好了——
①蒙馬特區,巴黎的一個區,藝術家多半住在那兒。
“你會覺得奇怪的,威特拉,”第沙有一天對他說,“單憑做點兒聰明的手勢,你就可以叫他們明白多少英語。
”
尤金曾經嘲笑過第沙所說的他自己的困難與成功,但是他發現第沙是對的。
手勢很有用,而且一般都是完全可以被人了解的。
他和安琪拉在旅館裡住了幾天以後,終于租下了一間工作室。
這間工作室非常舒适,是在尤金覺得很方便的一所房子的三層樓上。
它是由凱爾涅商行巴黎鋪子的阿昆先生介紹的。
另一個藝術家芬雷-伍德那年夏天正好要離開巴黎。
尤金随後想起來,璐碧-堪尼在芝加哥曾經對他提起過這個人。
由于查理先生那封懇切的信,阿昆先生非常關心,一定要把尤金舒舒服服地安頓好,于是建議他租下這間房子,費用聽他的便——四十法郎一個月。
尤金去瞧了瞧,覺得很喜歡。
這間工作室在樓後邊,外面臨着一所小花園,由于地面向西傾斜,而建築物行列又恰巧中斷,所以還俯瞰着一大片巴黎市景,以及聖母院①的雙塔和陡立的愛菲爾塔②。
晚上看着都市的燈火閃爍,真是令人陶醉。
尤金一回來總把椅子拖近他最喜歡的那個窗口;安琪拉就忙着沖檸檬水、冰茶或是在火鍋上練習她的烹饪技術。
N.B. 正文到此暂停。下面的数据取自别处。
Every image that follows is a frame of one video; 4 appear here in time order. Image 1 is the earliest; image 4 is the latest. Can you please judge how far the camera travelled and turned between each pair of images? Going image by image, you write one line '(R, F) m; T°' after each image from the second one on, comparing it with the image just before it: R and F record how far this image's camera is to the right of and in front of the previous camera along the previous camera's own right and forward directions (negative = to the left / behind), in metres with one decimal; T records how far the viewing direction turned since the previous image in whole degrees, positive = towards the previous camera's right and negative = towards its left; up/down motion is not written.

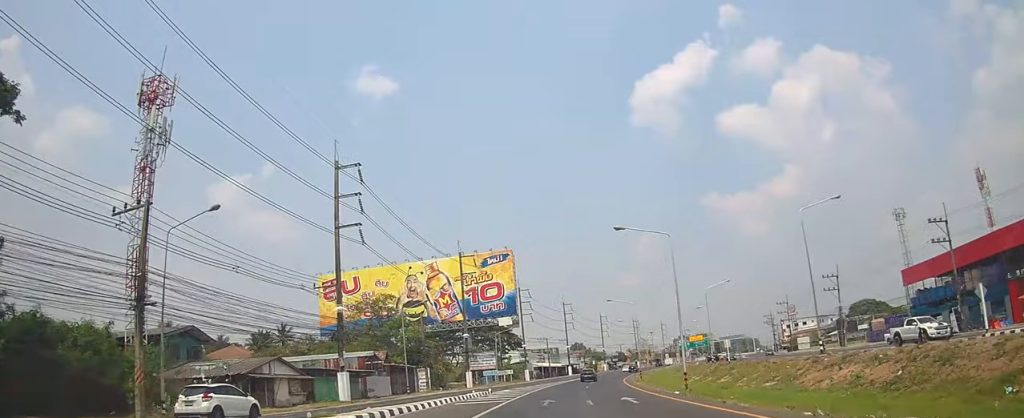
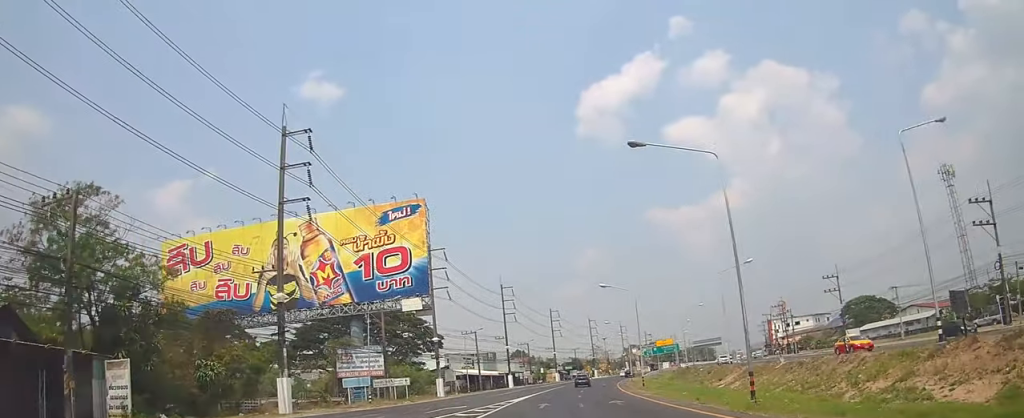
(+3.7, +48.4) m; +7°
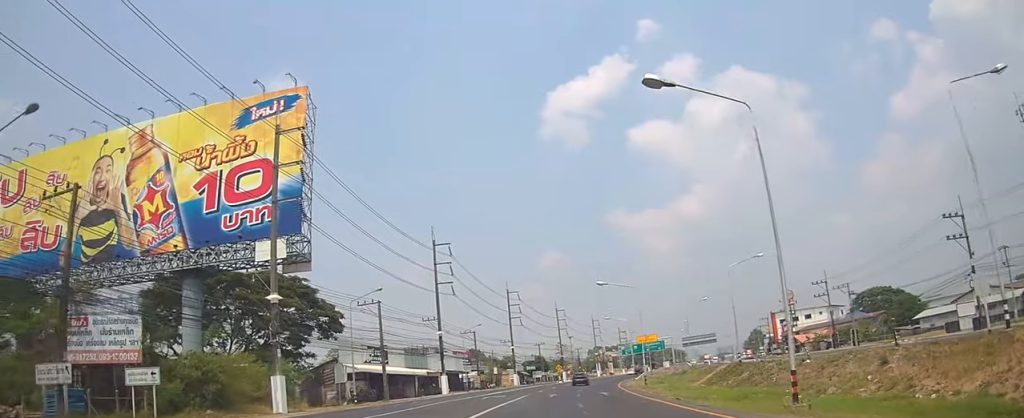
(+1.0, +37.1) m; +3°
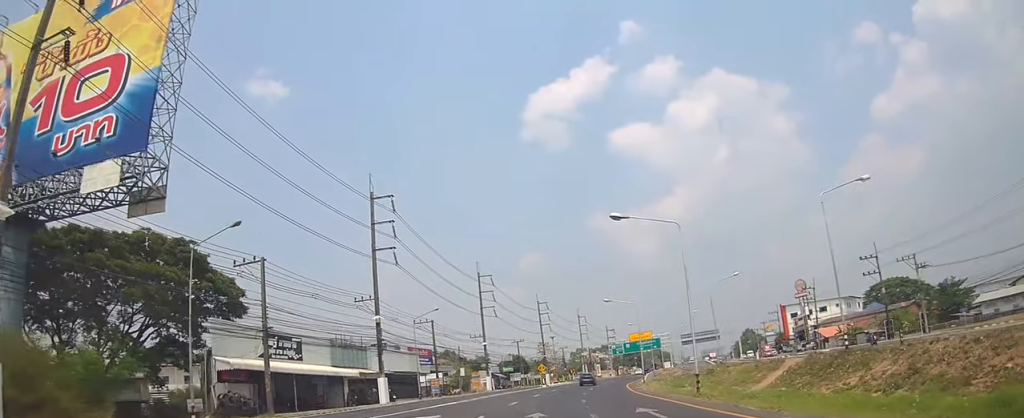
(+1.0, +20.8) m; +4°

她在遞給他看的一張标準的美國菜單上,顯露出了當家的才能和勤勞的個性。
這是她獨到的地方。
她總上鄰近的雜貨鋪、熟菜鋪、面點鋪和蔬菜攤去,把她需要的那幾件東西買上極少的數量(向來總挑選最好的),然後仔細地把它們烹饪出來。
她是個極高明的廚娘,最喜歡擺上一桌的珍馐美味。
她并不覺得需要什麼交遊,因為單跟尤金呆在一塊兒,她就夠快樂的了,而且她覺得他也必須跟她呆在一塊兒。
她不想單獨上哪兒去——隻想跟着他;她總把一切思想和行動藏在心裡,等他說出他樂意怎樣——
①聖母院,巴黎的一座大教堂,初建于一一六三年。
②愛菲爾塔,巴黎的一座鐵塔,高九百八十四英尺。
對于尤金,巴黎最妙的地方就是它的清新,以及它那表現在各方面的豐富的藝術精神。
他望着穿了寬敞的紅褲子、藍上衣,戴着紅便帽的矮小的法國軍人;披披肩、佩短劍的警察;或是帶着一副悠然高超的神氣的馬車夫;他望着他們,從來不感到厭倦。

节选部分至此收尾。